И он стал часто-часто осенять себя широким крестом.
Переглянувшись с Келецким, Гагарин обратился к нему по-французски:
— Он, сдаётся, совсем не опасен... Пусть люди уйдут. А ты останься.
Казаки скрылись по знаку Келецкого.
— А мой лекарь и секретарь тайный не уйдёт! — решительно обратился к приказчику Гагарин, видя, что тот с тревогой ждёт ухода Келецкого. — Что я могу знать, то и он может. Самое важное дело... Говори!..
— О-ох... изволь... О-ох, лучше бы... Да уж коли твоя милость, господине, так желает... Я уж.
— Ну, не мямли! — нетерпеливо окрикнул князь. — Дело толкуй, зачем пришёл...
— Единым духом, твоё светлое сиятельство. Единым духом. Только духу дай набраться.
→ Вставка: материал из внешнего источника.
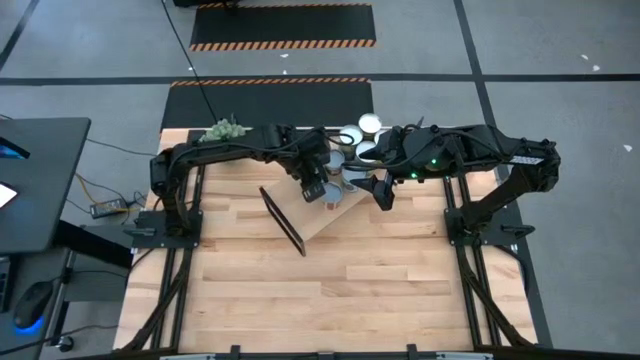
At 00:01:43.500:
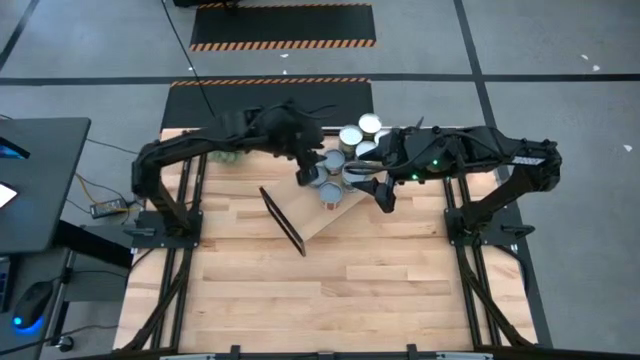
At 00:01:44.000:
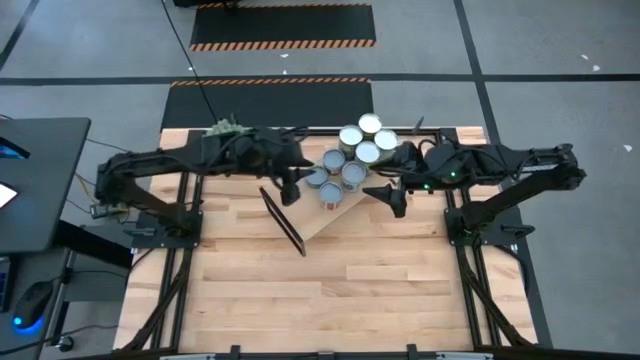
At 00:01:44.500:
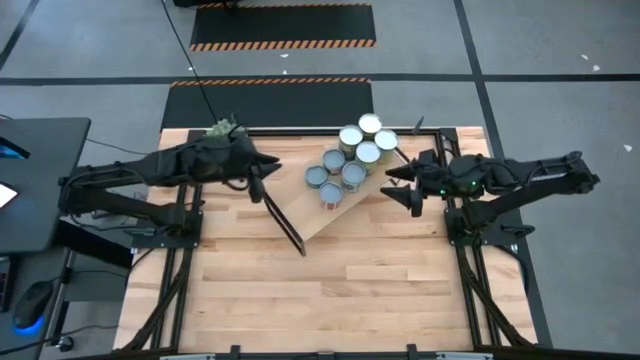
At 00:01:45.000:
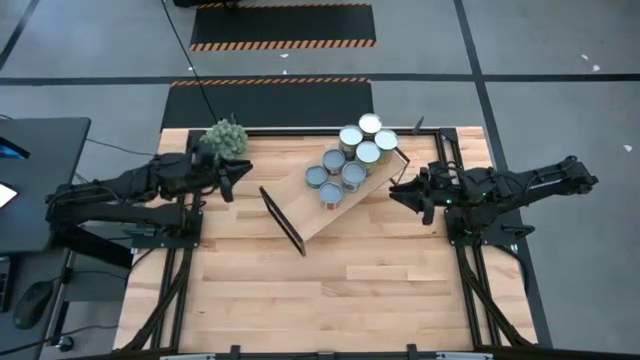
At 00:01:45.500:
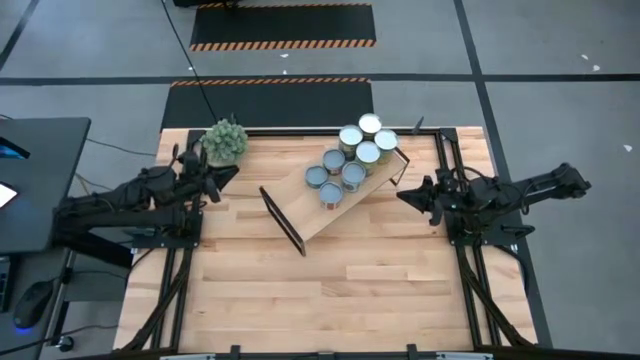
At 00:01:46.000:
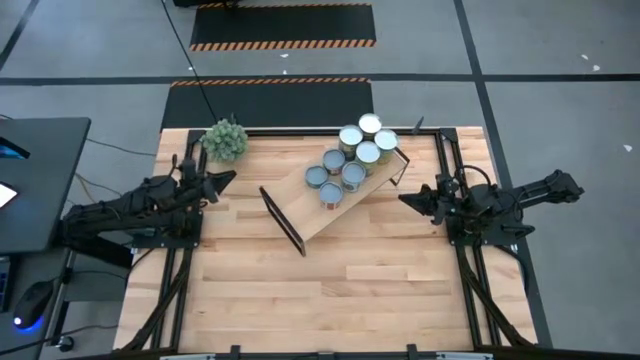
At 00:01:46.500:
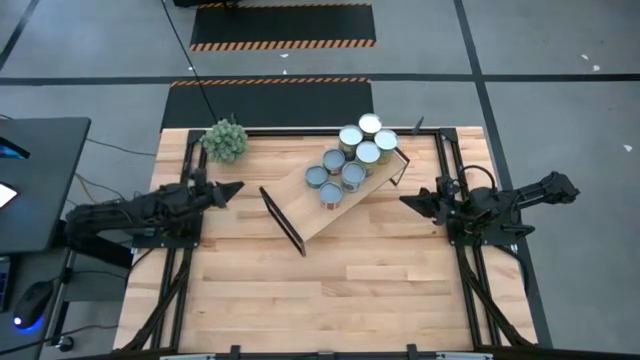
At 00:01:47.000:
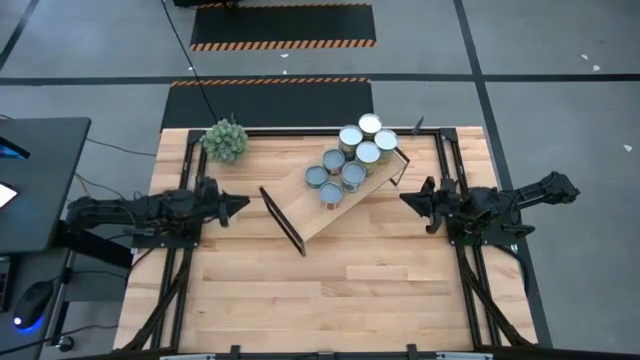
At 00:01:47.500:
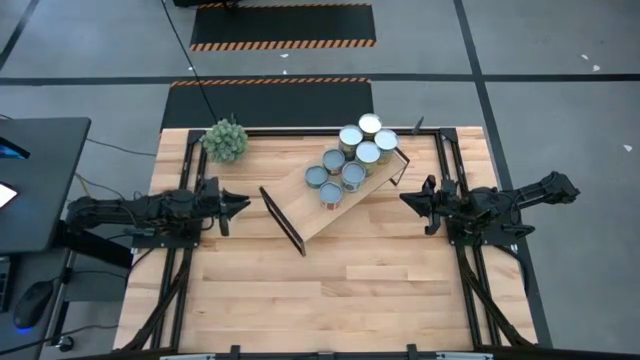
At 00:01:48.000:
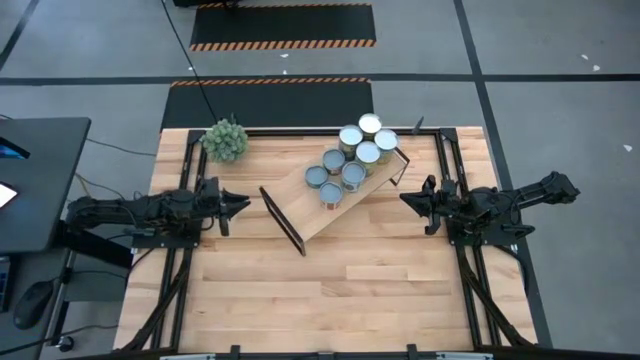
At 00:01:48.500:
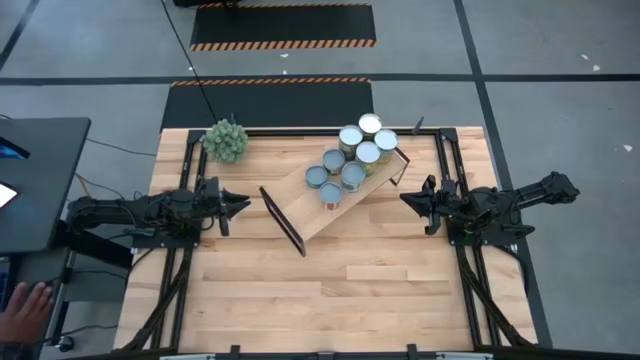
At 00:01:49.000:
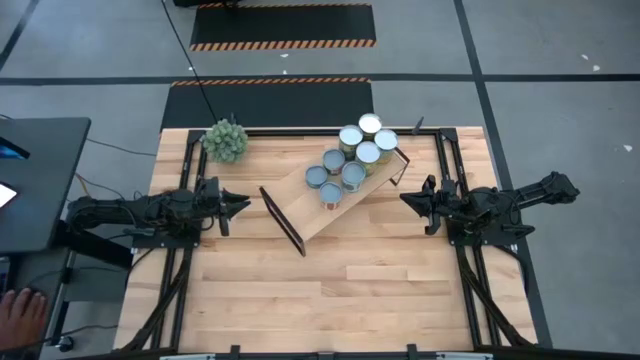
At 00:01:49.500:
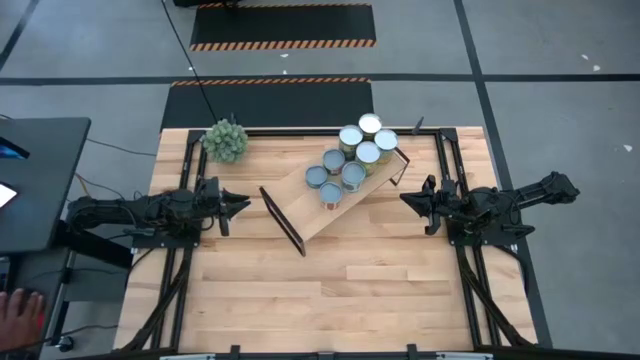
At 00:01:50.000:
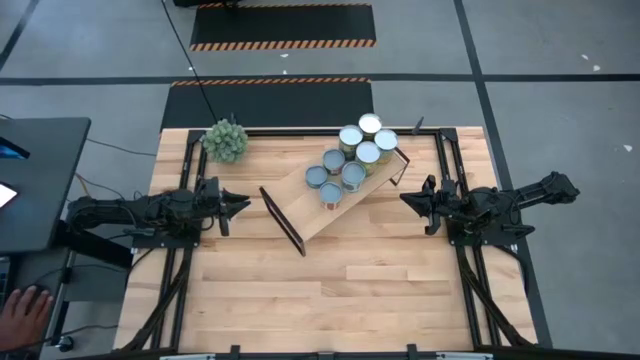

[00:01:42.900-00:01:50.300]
Task: Pick and place cans onto a shelf
Return to Home Position

Впервое пред такой высокой особой привёл Бог предстать, — тараторил Нестеров, а сам словно обыскивал глазами вельможу, соображая, в каком он сейчас настроении и что он вообще за человек, и как лучше приступить к важному делу, которое могло принести и счастие и несчастие приказному, как он это давно смекнул своим сметливым умом. Уловив новую тень неудовольствия на полном, румяном после сытного завтрака с винами лице князя, Нестеров весь так и дёрнулся, словно взлететь хотел с земли, осел снова на пятки подогнутых под себя ног и заговорил.
Он подробно передал свою встречу с есаулом Многогрешным и его шайкой объездчиков, вернее грабителей. Особенно расписал находку камня редкой красоты и несметной цены.
Как только речь зашла о рубине, Гагарин насторожился и даже переменил свою позу, сел по-восточному на тахте, забыв свою трубку с душистым табаком. Заискрились глаза и у Келецкого, нервно заходили ноздри его тонкого, длинного носа.
Но Гагарин прямо загорелся от рассказа приказного-доносчика. Все знали, что наряду с женщинами, чуть ли даже не сильнее, чем их, князь любил драгоценные камни. Начал он их собирать ещё в юности, потом, восемнадцать лет тому назад, в 1693 году, попав воеводой в Нерчинск, близко к заветному Китаю, откуда вывозились самые редкие самоцветы, он пополнил своё собрание и продолжал обогащать его, так что теперь в России не было равного ни у кого, не считая, конечно, царских сокровищниц.
Поэтому, услыхав о рубине сказочной величины, да ещё не простом, а заклятом, то есть талисмане, князь не мог сдержать своего волнения, несмотря на выразительные взгляды и покашливанье сдержанного Келецкого, который следил всё время за доносчиком и чуял, что с ним надо быть очень настороже.
— Так, так. Видимое дело, царский клад. Ты прав, Иван. Иваном тебя звать. Ты прав. Ты приказный? Едешь в Петербурх? Ну, там награду получишь за свою службу, когда отвезёшь этих апонцев. А потом ко мне возвращайся. Я тебе хорошее место дам у себя. Я умных людей люблю. Ты умно сделал, что прямо ко мне, что никому... А где же теперь этот разбойник, Васька-есаул? Он, чай, не подумает везти государю камень. Продаст его за великую цену, кому ни на есть. Ранен он, ты говоришь? А купец этот где, у которого он отобрал? Говори же. Что молчишь? Какой ты нудный!.. Живее!..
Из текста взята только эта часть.